Alvin dan Agam pulang bersama. Tapi Alvin tidak pulang ke Apartemen, Melainkan ke Mansion utama keluarga Abimana.
Setelah kepergian Alvin. Justine juga ikut pamit pulang. Karna pria itu masih harus mengantar baju seragam Aliya ke Apartemen Alvin.
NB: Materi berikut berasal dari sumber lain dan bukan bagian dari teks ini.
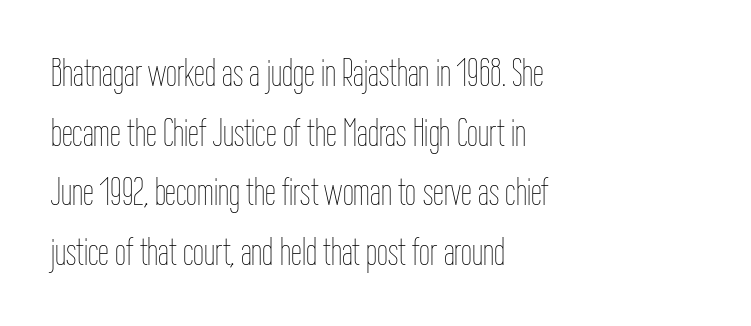
The image shows 39 px thin, condensed type, upright; set left-aligned, normal line spacing (1.53x), normal letter spacing, not underlined; low stroke contrast and a medium x-height.
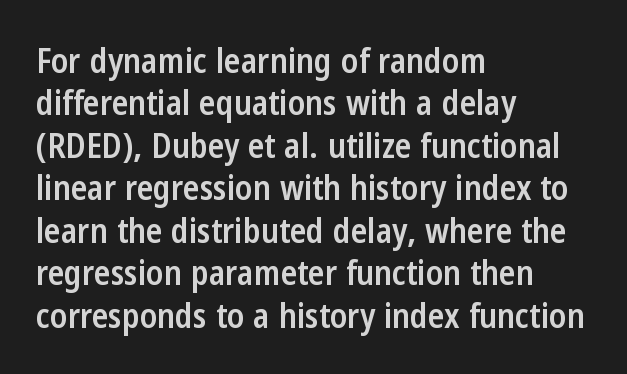
In terms of letterspacing, this is plain default setting. Semibold letterforms, between regular and bold. These lines stack with their left ends in a neat column. Decoration check: the copy has no underline. Notice how descenders clear the ascenders below comfortably — that's standard leading. The letters advance in unequal steps, a hallmark of proportional type.
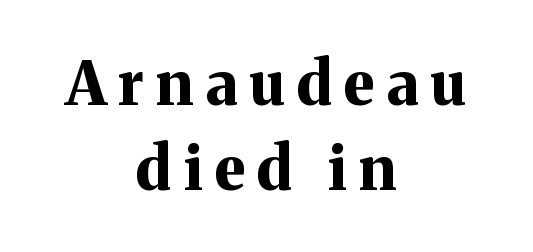
Stroke terminals: seriffed. As a designer I'd log this as weight 700, bold. Leading: standard. Tall strokes in this sample are plumb rather than angled. Tracking value appears strongly positive — letters spread wide.
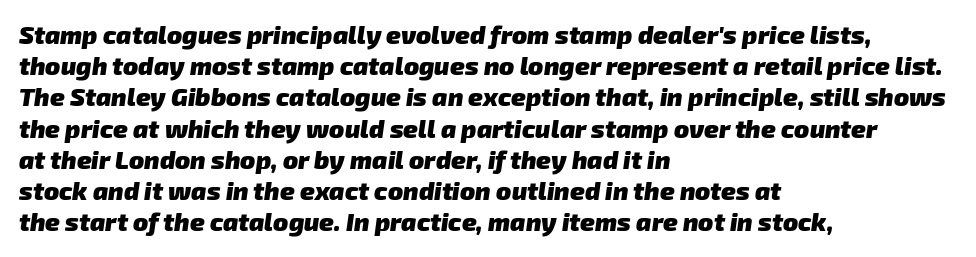
The image shows 25 px bold type; set left-aligned, normal line spacing (1.25x), normal letter spacing, not underlined.
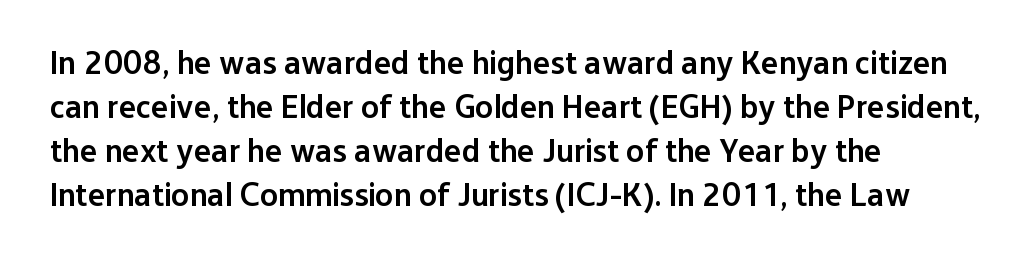
Q: Is the text bold? A: Semi-bold.
Q: Is the text italic (slanted)? A: No, it is upright.
Q: Is the typeface a serif or a sans-serif typeface? A: Sans-serif.
Q: Is the text underlined? A: No.
Q: How is the paragraph aligned? A: Left-aligned.
Q: Is the spacing between letters normal or unusually wide? A: Normal.
Q: Is the spacing between lines tight, normal or loose? A: Normal.
Q: Width (condensed, normal, or wide)? A: Normal.
Q: Stroke contrast? A: Low.
Q: x-height? A: Medium.
Q: Monospaced? A: No.
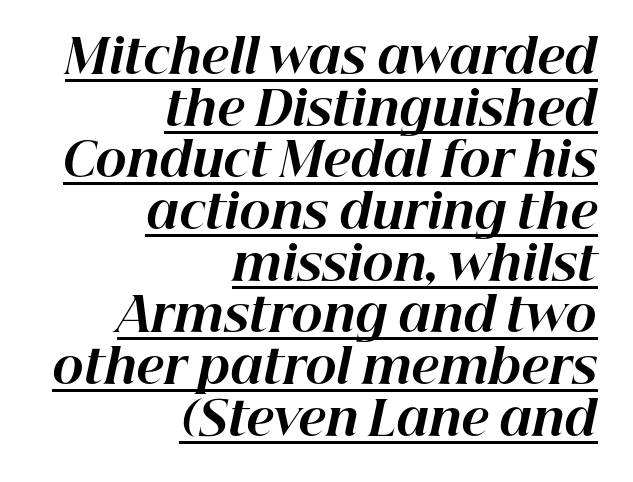
The rendering uses a small line-height, squeezing the rows. Italic? Definitely — the glyphs are oblique. Do the characters align in a grid? No, the font is proportional. Line ends are locked; line starts wander.
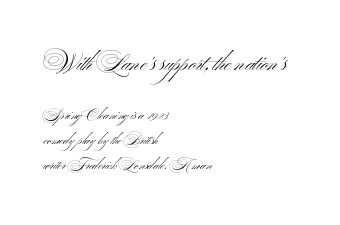
The rendering anchors every line to the left-hand side. The weight would be labelled regular, book, light, or lighter still. The tracking reads as untouched default to a designer's eye. Just letters on the line, the space beneath them empty. Here the first block reads like a headline and the second like body copy.
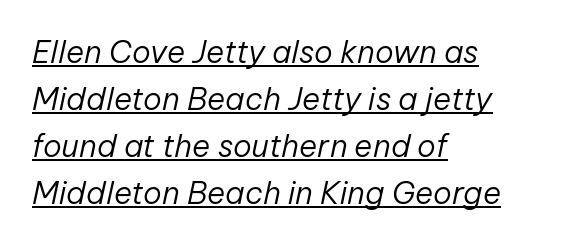
{"italic": "yes", "lean": "right", "slant_degrees": 12, "bold": "no", "weight": "regular", "width": "normal", "stroke_contrast": "low", "x_height": "medium", "monospaced": "no", "underline": "yes", "align": "left", "line_spacing": "normal", "line_spacing_ratio": 1.52, "letter_spacing": "normal", "letter_spacing_em": 0.0, "glyph_px": 31}
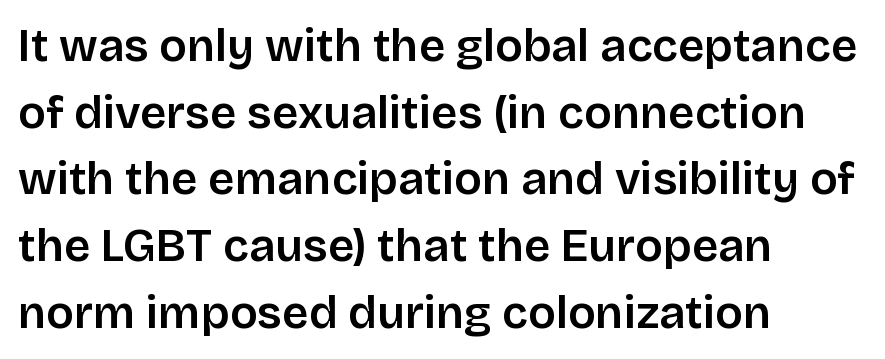
Is this a fixed-width face? No — the glyphs have proportional, varying widths. A typesetter would label this face a sans. Notice how the passage keeps a crisp vertical edge on the left only. When letters stand straight like this, we call the style roman or upright. Characters follow at the spacing the type designer built in. The passage shown is not underscored anywhere.
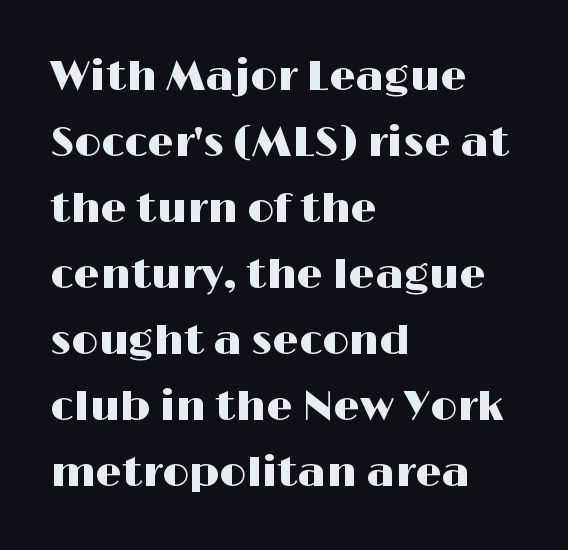
Q: Is the text italic (slanted)? A: No, it is upright.
Q: Is the typeface a serif or a sans-serif typeface? A: Sans-serif.
Q: Is the text underlined? A: No.
Q: How is the paragraph aligned? A: Left-aligned.
Q: Is the spacing between letters normal or unusually wide? A: Normal.
Q: Is the spacing between lines tight, normal or loose? A: Normal.
Q: Width (condensed, normal, or wide)? A: Wide.
Q: Stroke contrast? A: High.
Q: x-height? A: Medium.
Q: Monospaced? A: No.

2 Jam kemudian. Justine sudah tiba di Apartemen Alvin. Pria itu membawa seragam sekolah Aliya juga beberapa makanan ringan untuk Aliya, Sesuai dengan apa yang Alvin katakan.
Ting...tong...
Ada suara bel berbunyi. Aliya yang sejak tadi asyik menonton siaran televisi langsung bangkit dari duduknya dan berjalan ke arah pintu utama.
Setelah pintu terbuka lebar. Aliya langsung melihat sosok Justine. Pria tampan yang memiliki kulit putih serta hidung mancung.
"Bang Justine, Ayo silahkan masuk" Ucap Aliya pelan
Justine memberikan barang bawaannya pada Aliya. Dan langsung pamit untuk pulang. Namun, Sebelum itu Justine memberitahukan pada Aliya jika dia akan diantar jemput oleh justin saat sekolah.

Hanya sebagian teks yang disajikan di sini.